» DATASET ENTRIES:
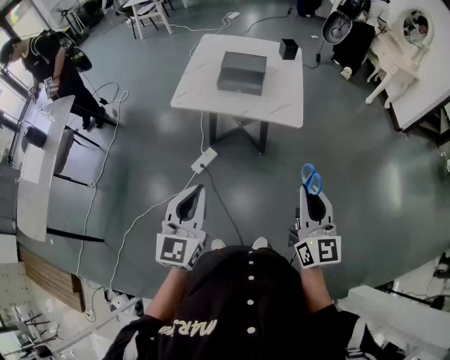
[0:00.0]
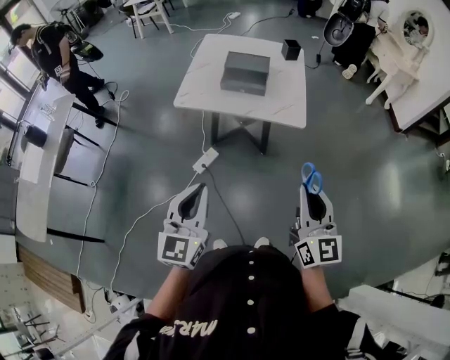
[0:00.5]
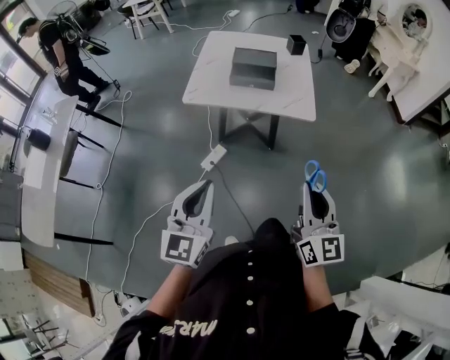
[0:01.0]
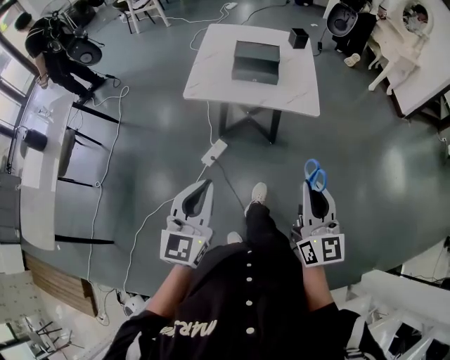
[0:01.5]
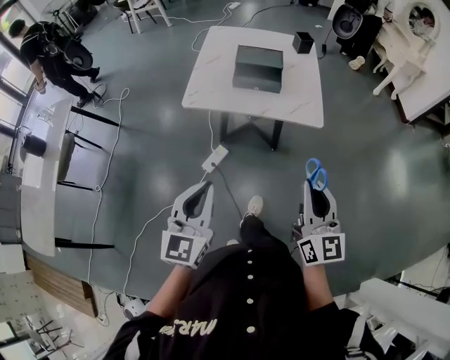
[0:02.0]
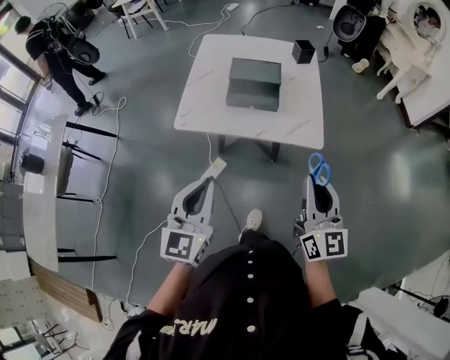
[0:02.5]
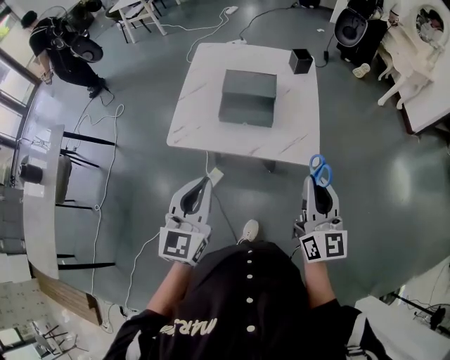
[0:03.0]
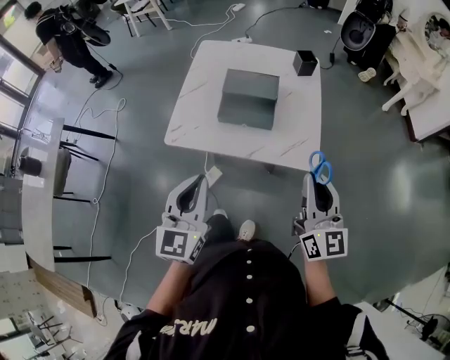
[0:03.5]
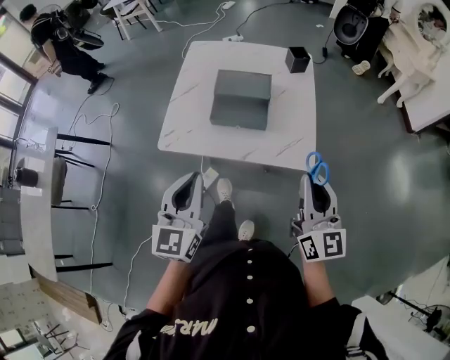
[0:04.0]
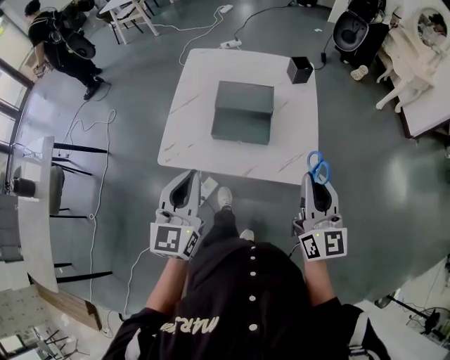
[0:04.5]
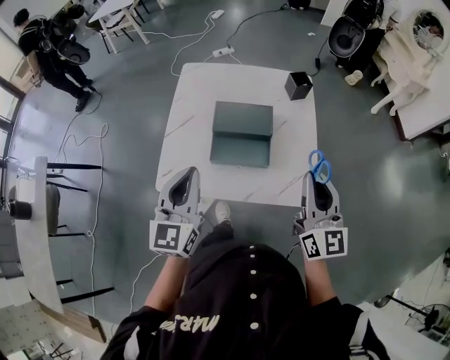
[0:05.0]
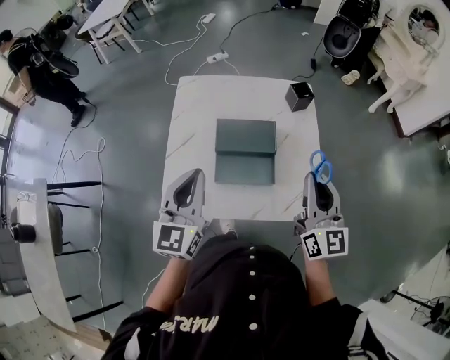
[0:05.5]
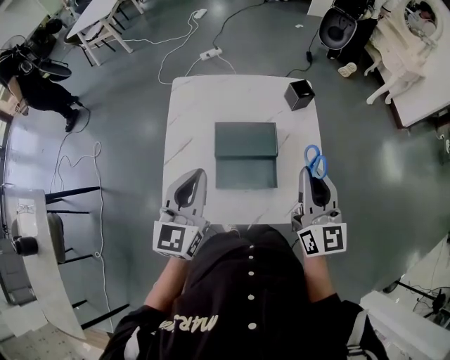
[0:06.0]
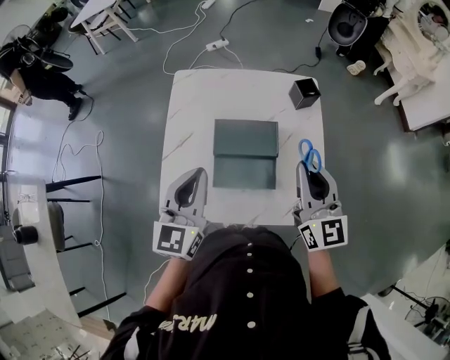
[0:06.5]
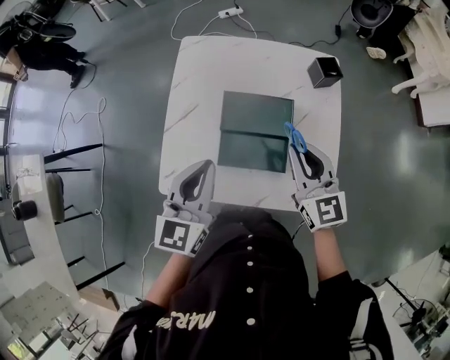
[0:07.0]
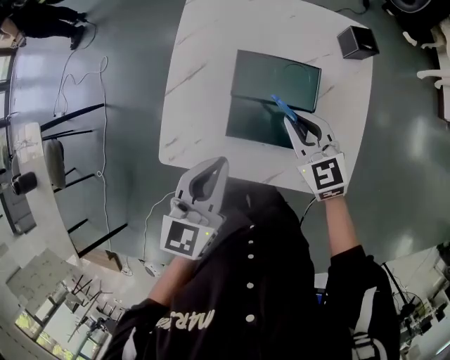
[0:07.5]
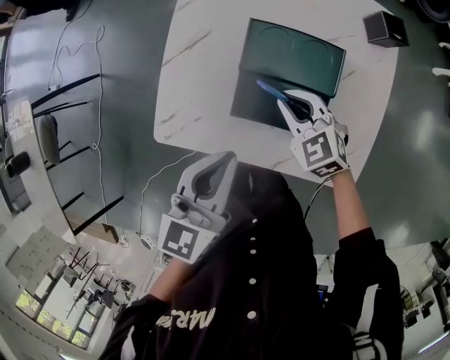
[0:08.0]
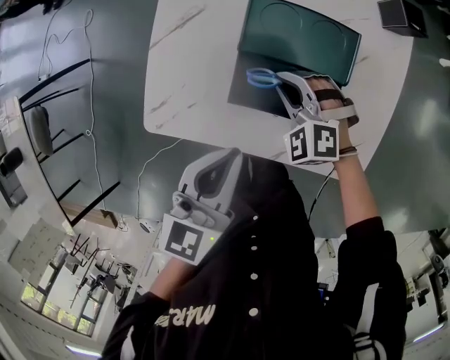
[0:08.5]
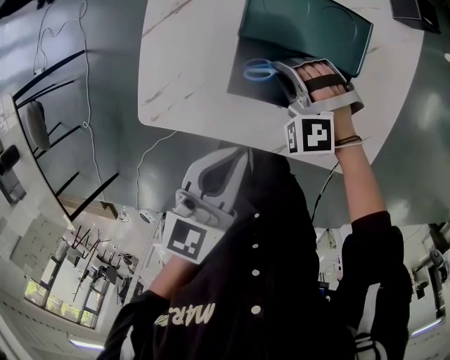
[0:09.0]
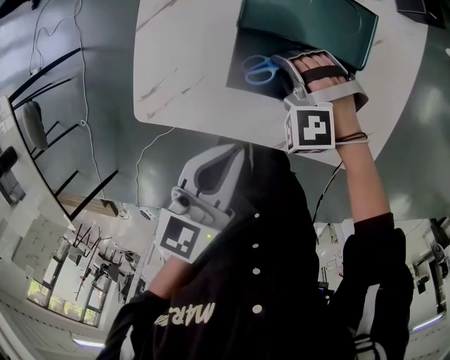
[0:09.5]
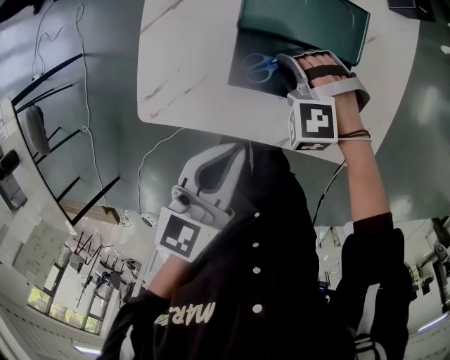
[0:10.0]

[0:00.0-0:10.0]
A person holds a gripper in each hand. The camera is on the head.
0.0 to 2.0 s: The two grippers go roughly 10 cm to the left and forward.
2.0 to 4.0 s: The two grippers go about 25 cm forward.
4.0 to 6.0 s: Both grippers travel together forward, roughly 30 cm.
6.0 to 8.0 s: The right gripper heads downward and to the left, covering about 30 cm, and tilts its fingers roughly 40 degrees downward; the left gripper goes about 10 cm downward, and changes its angle by approximately 20 degrees.
8.0 to 10.0 s: Both grippers travel together downward, roughly 10 cm. The right gripper twists about 40 degrees counterclockwise, seen from behind, and opens its fingers.

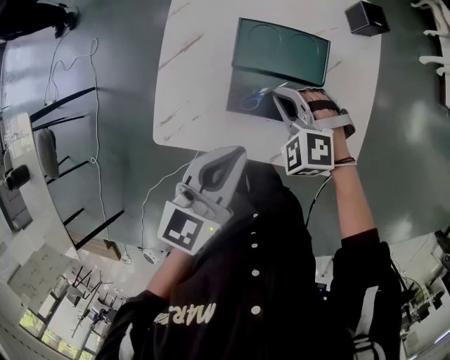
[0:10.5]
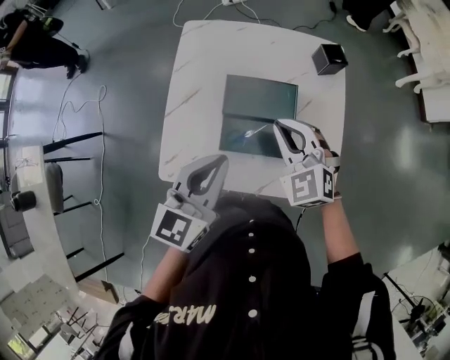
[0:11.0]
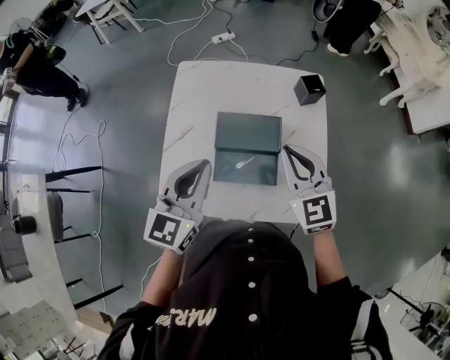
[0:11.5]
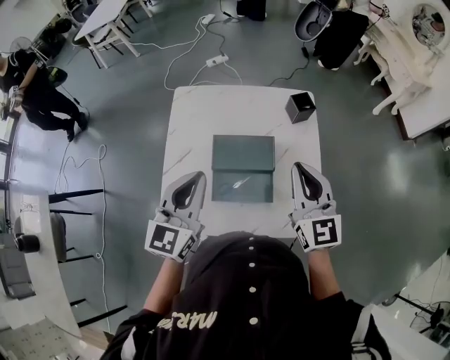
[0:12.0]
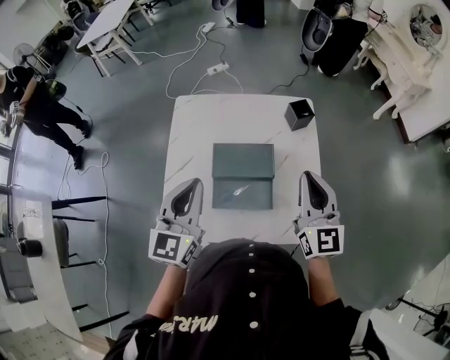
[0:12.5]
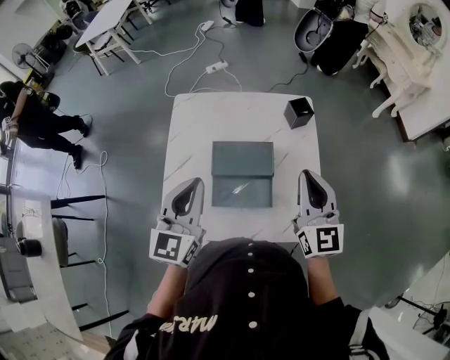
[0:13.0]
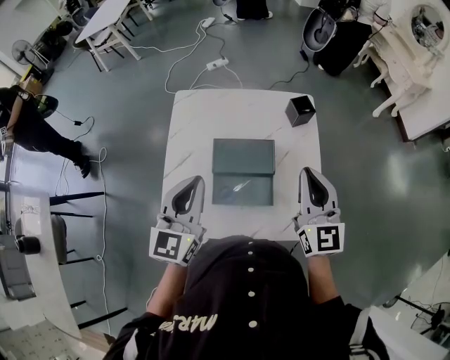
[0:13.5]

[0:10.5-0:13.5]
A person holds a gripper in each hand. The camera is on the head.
10.5 to 12.0 s: The right gripper travels upward and to the right by roughly 30 cm, and angles its fingers upward, by roughly 50 degrees, while the left gripper is displaced upward and forward by about 15 cm, and swivels some 20 degrees.
12.0 to 13.5 s: The grippers make only small movements.

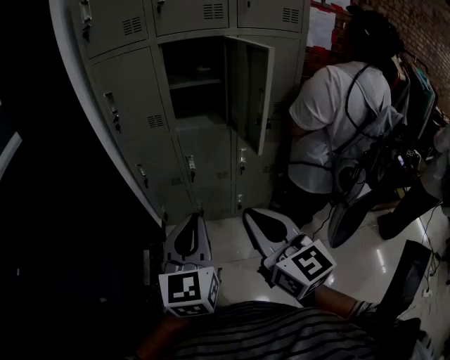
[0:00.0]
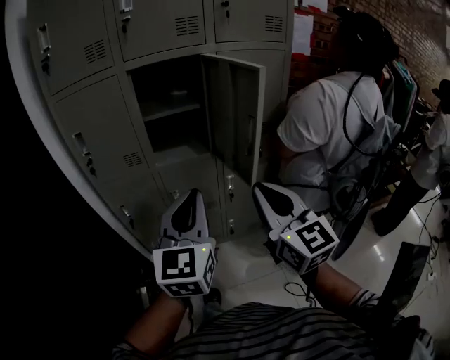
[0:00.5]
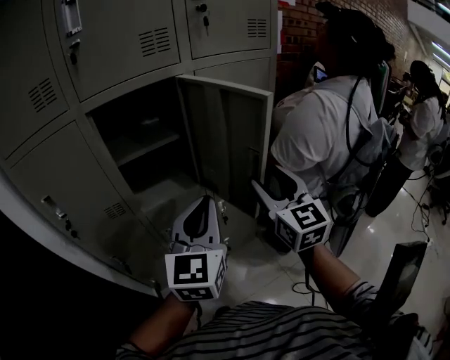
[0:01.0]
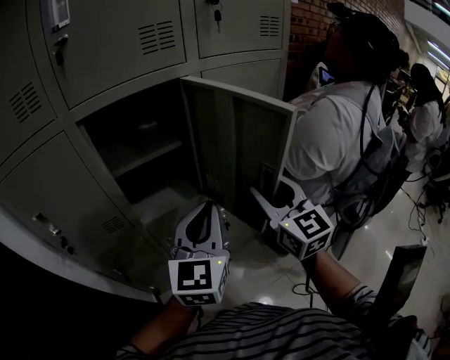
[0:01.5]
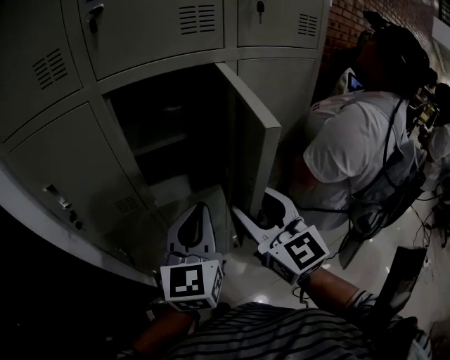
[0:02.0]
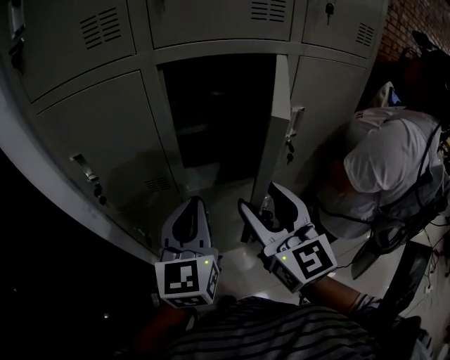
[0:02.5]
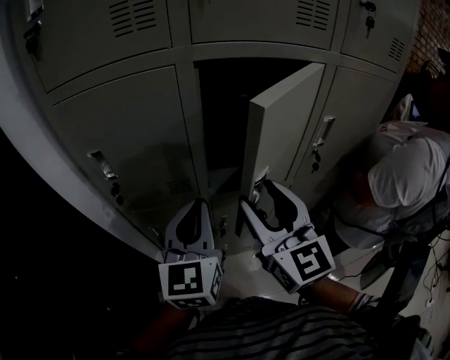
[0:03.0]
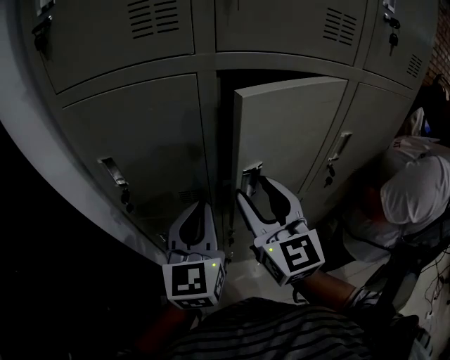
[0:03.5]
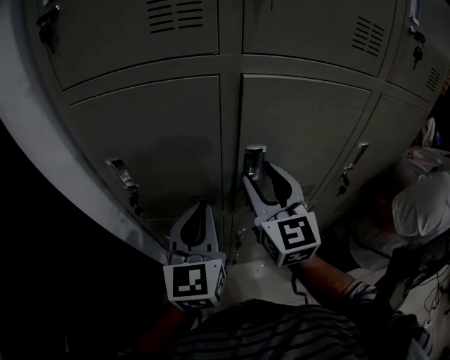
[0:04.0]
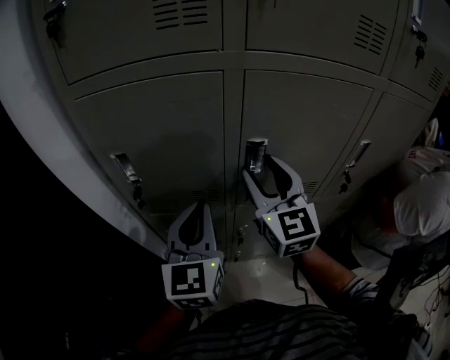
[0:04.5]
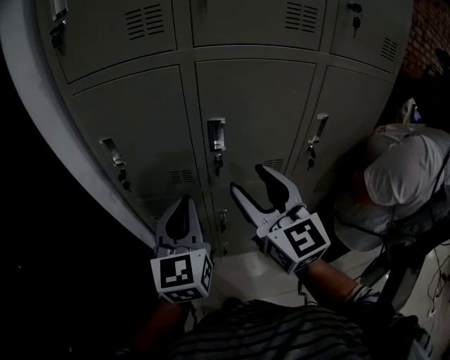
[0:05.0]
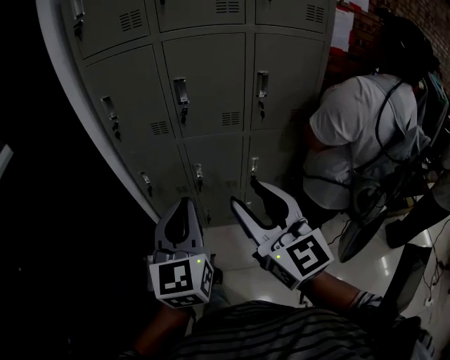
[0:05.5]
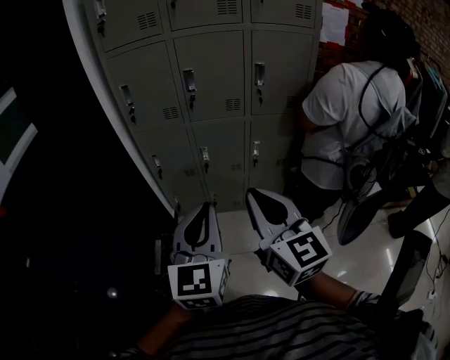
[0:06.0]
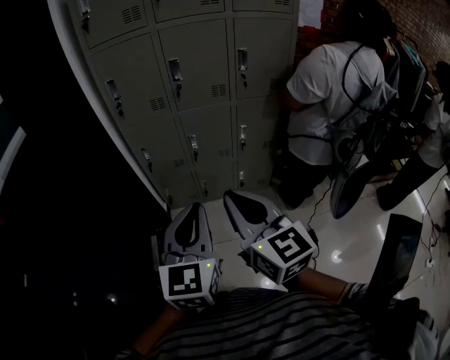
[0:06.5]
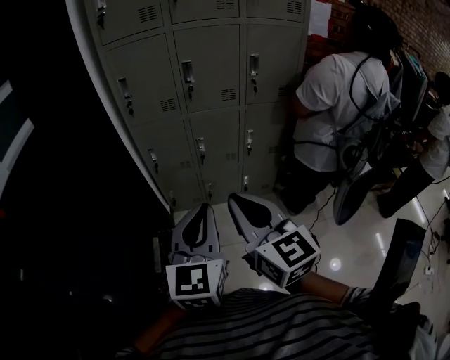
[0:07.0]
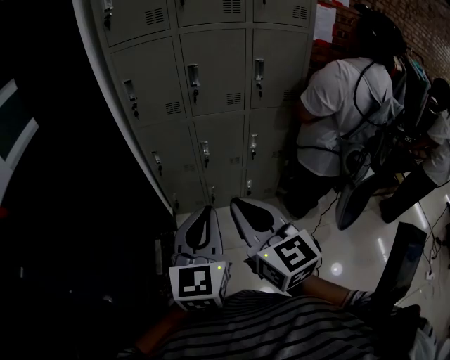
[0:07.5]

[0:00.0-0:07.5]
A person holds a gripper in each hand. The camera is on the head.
0.0 to 2.0 s: The right gripper ends up roughly 35 cm from where it was, and opens its fingers, while the left gripper changes place by approximately 35 cm.
2.0 to 4.0 s: The right gripper goes approximately 25 cm forward and to the left, while the left gripper travels to the left and forward by approximately 20 cm.
4.0 to 5.5 s: Both grippers travel together backward, roughly 40 cm.
5.5 to 7.5 s: The left gripper moves backward, approximately 15 cm, while the right gripper heads backward and to the left, covering some 20 cm, and closes up.

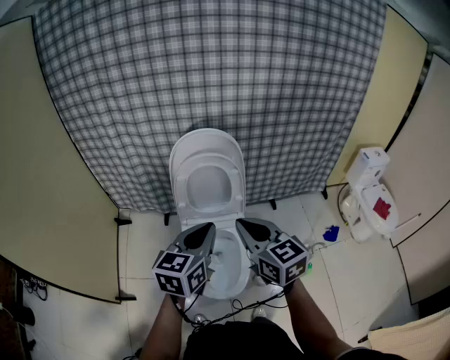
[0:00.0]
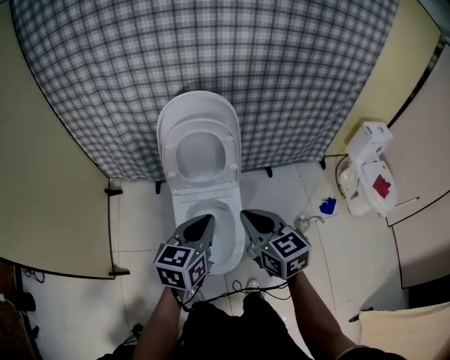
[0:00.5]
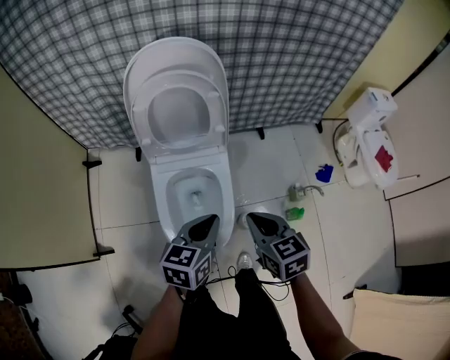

» PROBLEM REQUIREMENTS: Repeat each record exactly, with the pictures left out.

» SOLUTION BELOW:
[0:00.0]
[0:00.5]
[0:01.0]
[0:01.5]
[0:02.0]
[0:02.5]
[0:03.0]
[0:03.5]
[0:04.0]
[0:04.5]
[0:05.0]
[0:05.5]
[0:06.0]
[0:06.5]
[0:07.0]
[0:07.5]
[0:08.0]
[0:08.5]
[0:09.0]
[0:09.5]
[0:10.0]

[0:00.0-0:10.0]
A person holds a gripper in each hand. The camera is on the head.
0.0 to 2.0 s: The two grippers go roughly 10 cm to the left and forward.
2.0 to 4.0 s: The two grippers go about 25 cm forward.
4.0 to 6.0 s: Both grippers travel together forward, roughly 30 cm.
6.0 to 8.0 s: The right gripper heads downward and to the left, covering about 30 cm, and tilts its fingers roughly 40 degrees downward; the left gripper goes about 10 cm downward, and changes its angle by approximately 20 degrees.
8.0 to 10.0 s: Both grippers travel together downward, roughly 10 cm. The right gripper twists about 40 degrees counterclockwise, seen from behind, and opens its fingers.

[0:10.5]
[0:11.0]
[0:11.5]
[0:12.0]
[0:12.5]
[0:13.0]
[0:13.5]

[0:10.5-0:13.5]
A person holds a gripper in each hand. The camera is on the head.
10.5 to 12.0 s: The right gripper travels upward and to the right by roughly 30 cm, and angles its fingers upward, by roughly 50 degrees, while the left gripper is displaced upward and forward by about 15 cm, and swivels some 20 degrees.
12.0 to 13.5 s: The grippers make only small movements.

[0:00.0]
[0:00.5]
[0:01.0]
[0:01.5]
[0:02.0]
[0:02.5]
[0:03.0]
[0:03.5]
[0:04.0]
[0:04.5]
[0:05.0]
[0:05.5]
[0:06.0]
[0:06.5]
[0:07.0]
[0:07.5]

[0:00.0-0:07.5]
A person holds a gripper in each hand. The camera is on the head.
0.0 to 2.0 s: The right gripper ends up roughly 35 cm from where it was, and opens its fingers, while the left gripper changes place by approximately 35 cm.
2.0 to 4.0 s: The right gripper goes approximately 25 cm forward and to the left, while the left gripper travels to the left and forward by approximately 20 cm.
4.0 to 5.5 s: Both grippers travel together backward, roughly 40 cm.
5.5 to 7.5 s: The left gripper moves backward, approximately 15 cm, while the right gripper heads backward and to the left, covering some 20 cm, and closes up.

[0:00.0]
[0:00.5]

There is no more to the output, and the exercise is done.